Sarah Hatsuko Hicks (born ) is an American orchestral conductor. Since 2009, she has been the Principal Conductor of Live at Orchestra Hall for the Minnesota Orchestra, and also serves as Staff Conductor at the Curtis Institute of Music.

==Early life and education==
Hicks was born in Tokyo. Her father Richard was an American lawyer and her mother Kazuko was a classical Japanese dancer. She grew up in Honolulu, Hawaii, where she learned violin and piano, graduating from the Punahou School in 1989. In 1993, Hicks graduated magna cum laude from Harvard University with an Bachelor of Arts degree in music, winning the Thomas Hoopes Prize for undergraduate theses and the Doris Cohen Levy Prize for conducting. She then studied at the Curtis Institute of Music, winning a Presser Award and graduating with an Artist's Degree in conducting.

==Career==
Hicks previously served as Associate Conductor of the North Carolina Symphony, Associate Conductor of the Richmond Symphony Orchestra, Resident Conductor of the Florida Philharmonic, and Assistant Conductor of the Philadelphia Singers, the chorus of the Philadelphia Orchestra.
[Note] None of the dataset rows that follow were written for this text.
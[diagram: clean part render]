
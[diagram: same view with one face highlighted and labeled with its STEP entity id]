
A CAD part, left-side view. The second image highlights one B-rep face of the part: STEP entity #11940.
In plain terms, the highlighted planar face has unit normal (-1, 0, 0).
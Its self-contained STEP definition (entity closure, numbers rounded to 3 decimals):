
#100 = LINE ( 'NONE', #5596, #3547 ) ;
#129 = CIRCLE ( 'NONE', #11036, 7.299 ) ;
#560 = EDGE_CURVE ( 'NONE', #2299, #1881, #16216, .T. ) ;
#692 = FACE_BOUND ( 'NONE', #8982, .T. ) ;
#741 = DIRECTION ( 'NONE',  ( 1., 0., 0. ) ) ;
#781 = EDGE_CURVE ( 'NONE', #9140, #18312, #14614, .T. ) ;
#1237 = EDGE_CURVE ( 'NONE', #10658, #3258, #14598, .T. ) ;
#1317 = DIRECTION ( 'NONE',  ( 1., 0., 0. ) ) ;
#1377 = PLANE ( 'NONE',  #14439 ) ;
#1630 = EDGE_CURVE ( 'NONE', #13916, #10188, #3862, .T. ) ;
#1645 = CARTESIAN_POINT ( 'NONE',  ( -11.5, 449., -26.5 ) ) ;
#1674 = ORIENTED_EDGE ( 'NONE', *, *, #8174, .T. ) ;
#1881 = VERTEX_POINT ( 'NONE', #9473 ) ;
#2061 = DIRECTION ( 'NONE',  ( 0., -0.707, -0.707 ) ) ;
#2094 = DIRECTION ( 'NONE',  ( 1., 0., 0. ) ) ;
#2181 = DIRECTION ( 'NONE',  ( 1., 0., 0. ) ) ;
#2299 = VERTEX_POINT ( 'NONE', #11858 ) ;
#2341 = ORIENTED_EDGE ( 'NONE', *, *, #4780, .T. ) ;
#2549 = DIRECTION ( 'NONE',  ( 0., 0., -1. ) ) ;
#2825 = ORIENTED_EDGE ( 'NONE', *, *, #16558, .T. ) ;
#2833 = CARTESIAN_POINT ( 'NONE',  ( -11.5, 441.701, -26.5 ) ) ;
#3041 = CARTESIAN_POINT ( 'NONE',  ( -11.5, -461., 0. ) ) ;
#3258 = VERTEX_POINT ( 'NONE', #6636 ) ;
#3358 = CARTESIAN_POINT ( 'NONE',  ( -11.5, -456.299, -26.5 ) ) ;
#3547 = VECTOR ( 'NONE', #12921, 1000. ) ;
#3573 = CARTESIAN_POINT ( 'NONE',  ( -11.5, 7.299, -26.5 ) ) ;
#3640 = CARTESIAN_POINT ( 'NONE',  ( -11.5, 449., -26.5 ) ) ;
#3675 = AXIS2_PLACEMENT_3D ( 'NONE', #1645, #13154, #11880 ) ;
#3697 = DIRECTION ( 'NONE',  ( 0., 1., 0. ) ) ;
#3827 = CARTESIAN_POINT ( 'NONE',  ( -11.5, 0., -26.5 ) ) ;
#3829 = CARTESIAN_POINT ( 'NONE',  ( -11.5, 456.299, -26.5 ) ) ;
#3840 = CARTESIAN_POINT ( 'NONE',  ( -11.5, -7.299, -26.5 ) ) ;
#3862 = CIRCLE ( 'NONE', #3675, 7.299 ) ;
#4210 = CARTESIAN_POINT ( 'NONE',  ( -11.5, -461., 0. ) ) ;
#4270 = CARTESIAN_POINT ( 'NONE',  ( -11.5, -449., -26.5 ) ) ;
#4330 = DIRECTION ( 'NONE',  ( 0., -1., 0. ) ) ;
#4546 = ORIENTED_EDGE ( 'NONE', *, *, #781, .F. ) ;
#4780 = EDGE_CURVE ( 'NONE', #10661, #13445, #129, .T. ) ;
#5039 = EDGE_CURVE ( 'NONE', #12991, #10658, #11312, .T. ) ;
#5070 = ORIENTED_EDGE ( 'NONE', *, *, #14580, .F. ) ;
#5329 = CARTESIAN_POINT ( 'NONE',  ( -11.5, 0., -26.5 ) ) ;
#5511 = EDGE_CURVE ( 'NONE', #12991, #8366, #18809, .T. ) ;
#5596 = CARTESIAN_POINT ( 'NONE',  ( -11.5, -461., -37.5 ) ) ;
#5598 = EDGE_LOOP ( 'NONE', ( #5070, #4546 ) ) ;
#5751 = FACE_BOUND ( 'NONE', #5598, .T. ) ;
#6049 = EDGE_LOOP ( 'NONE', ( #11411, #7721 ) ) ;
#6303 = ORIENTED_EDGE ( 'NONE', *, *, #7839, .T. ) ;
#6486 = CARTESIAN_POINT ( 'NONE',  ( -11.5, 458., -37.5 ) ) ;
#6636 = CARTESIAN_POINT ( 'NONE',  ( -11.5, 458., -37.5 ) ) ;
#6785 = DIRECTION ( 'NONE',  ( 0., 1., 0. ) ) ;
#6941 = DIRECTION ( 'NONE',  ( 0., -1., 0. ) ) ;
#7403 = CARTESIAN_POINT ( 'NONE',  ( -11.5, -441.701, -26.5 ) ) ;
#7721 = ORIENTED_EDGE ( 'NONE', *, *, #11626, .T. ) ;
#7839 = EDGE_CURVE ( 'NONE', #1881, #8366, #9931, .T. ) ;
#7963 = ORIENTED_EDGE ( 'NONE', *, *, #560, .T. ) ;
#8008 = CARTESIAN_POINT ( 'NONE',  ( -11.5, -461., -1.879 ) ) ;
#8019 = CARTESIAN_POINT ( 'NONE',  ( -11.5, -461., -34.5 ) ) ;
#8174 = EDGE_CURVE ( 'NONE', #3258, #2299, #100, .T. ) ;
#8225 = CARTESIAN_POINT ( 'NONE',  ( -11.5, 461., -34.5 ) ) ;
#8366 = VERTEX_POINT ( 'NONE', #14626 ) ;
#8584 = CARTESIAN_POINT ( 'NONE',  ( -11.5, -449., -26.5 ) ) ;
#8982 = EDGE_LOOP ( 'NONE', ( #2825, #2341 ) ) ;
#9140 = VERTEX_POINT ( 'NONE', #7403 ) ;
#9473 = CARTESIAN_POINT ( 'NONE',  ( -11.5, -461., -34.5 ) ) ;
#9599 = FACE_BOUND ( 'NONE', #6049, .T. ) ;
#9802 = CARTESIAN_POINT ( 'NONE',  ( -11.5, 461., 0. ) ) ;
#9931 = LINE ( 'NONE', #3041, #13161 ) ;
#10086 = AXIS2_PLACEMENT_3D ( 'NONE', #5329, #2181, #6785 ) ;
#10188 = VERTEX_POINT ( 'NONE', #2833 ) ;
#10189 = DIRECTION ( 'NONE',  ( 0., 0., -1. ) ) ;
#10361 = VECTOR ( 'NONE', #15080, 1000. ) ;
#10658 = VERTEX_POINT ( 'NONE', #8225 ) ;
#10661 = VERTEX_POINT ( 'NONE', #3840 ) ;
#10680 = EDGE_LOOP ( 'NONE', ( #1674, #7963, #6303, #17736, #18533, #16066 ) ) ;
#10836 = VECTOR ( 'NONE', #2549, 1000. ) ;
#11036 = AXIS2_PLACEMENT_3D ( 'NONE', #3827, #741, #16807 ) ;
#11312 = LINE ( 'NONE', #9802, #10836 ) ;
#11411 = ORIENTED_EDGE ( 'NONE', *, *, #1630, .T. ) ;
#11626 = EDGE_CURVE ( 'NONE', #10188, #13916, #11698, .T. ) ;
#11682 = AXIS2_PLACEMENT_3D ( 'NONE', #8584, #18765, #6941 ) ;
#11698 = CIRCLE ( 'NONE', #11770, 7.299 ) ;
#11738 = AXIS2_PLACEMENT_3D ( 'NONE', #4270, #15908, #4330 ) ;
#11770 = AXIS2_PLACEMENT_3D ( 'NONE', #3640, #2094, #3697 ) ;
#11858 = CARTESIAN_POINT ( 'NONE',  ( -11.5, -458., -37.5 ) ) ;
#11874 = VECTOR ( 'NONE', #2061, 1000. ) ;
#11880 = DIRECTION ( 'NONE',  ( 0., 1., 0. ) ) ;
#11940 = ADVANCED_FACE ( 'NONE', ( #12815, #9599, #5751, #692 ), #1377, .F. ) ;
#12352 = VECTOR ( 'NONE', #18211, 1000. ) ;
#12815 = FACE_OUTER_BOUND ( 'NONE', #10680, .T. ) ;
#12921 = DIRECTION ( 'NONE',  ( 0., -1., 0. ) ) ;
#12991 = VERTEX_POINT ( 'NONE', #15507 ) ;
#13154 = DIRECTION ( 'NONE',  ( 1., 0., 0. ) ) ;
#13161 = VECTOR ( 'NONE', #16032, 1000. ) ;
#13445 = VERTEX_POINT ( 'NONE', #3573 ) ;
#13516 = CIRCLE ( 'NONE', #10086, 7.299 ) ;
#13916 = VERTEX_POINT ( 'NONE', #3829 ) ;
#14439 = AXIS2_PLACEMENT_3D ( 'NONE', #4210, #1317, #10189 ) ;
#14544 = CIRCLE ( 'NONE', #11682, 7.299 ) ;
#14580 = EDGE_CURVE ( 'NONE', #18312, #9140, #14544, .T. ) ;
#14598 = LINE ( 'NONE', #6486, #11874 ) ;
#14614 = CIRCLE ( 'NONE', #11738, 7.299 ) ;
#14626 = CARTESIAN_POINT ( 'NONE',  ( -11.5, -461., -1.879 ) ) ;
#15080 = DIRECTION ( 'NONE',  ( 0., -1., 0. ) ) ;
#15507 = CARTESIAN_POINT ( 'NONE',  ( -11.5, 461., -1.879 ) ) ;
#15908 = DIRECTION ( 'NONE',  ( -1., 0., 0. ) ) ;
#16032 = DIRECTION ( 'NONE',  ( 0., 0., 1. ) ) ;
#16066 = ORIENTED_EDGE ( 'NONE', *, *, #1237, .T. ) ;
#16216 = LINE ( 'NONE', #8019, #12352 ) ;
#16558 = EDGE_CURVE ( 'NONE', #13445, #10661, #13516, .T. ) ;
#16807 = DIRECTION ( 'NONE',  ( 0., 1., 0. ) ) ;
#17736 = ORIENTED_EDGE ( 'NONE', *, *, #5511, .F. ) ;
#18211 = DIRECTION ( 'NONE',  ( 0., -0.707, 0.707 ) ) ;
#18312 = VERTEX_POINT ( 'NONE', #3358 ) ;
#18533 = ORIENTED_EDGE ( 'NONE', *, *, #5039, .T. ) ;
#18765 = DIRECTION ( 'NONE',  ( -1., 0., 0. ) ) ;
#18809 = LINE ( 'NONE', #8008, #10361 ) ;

After graduating from Curtis, she was for one season assistant conductor to the Verbier Festival Orchestra, training with James Levine.

As a guest conductor, Hicks has appeared with the Philadelphia Orchestra, Chicago Symphony Orchestra, San Francisco Symphony, Cleveland Orchestra, Boston Pops, Atlanta Symphony, Florida Orchestra, Los Angeles Philharmonic, Milwaukee Symphony, Detroit Symphony Orchestra, National Symphony Orchestra, Danish National Symphony Orchestra, Melbourne Symphony, Tokyo Philharmonic, St. Petersburg Philharmonic, Royal Liverpool Philharmonic, the Orchestra of Teatro La Fenice, the Orchestra Society of Philadelphia, and the Toronto Symphony Orchestra.

She has collaborated with many artists including Dmitri Hvorostovsky, Rufus Wainwright, Jaime Laredo, Hilary Hahn, Ben Folds, Smokey Robinson, King Gizzard and the Lizard Wizard, and Sting, for whom she served as conductor on the final leg of his Symphonicities Tour. In June 2012 she conducted the opening concert of the St. Petersburg International Economic Forum, in a program featuring Dmitri Hvorostovsky, Sumi Jo and Jackie Evancho. She has conducted some famous film music scores with the Danish National Symphony Orchestra, including a concert of masterpieces by Italian composer Ennio Morricone and his Dollars Trilogy, as well as works by Nino Rota. This concert was released in 2018 as an album and has been broadcast worldwide. Her other recordings include "Chime" with rap artist Dessa, as well as an album of new concertos, "Triple Doubles".

Hicks is a specialist in the live to film genre and since 2019 has been a consultant for Disney Concerts. Her film concerts can be found on Disney+. She has also worked on an Intel gaming project with gamer DrLupo.

==Personal life==
Hicks lives in San Francisco with her husband, horn player Paul LaFollette, whom she met while studying at the Curtis Institute of Music.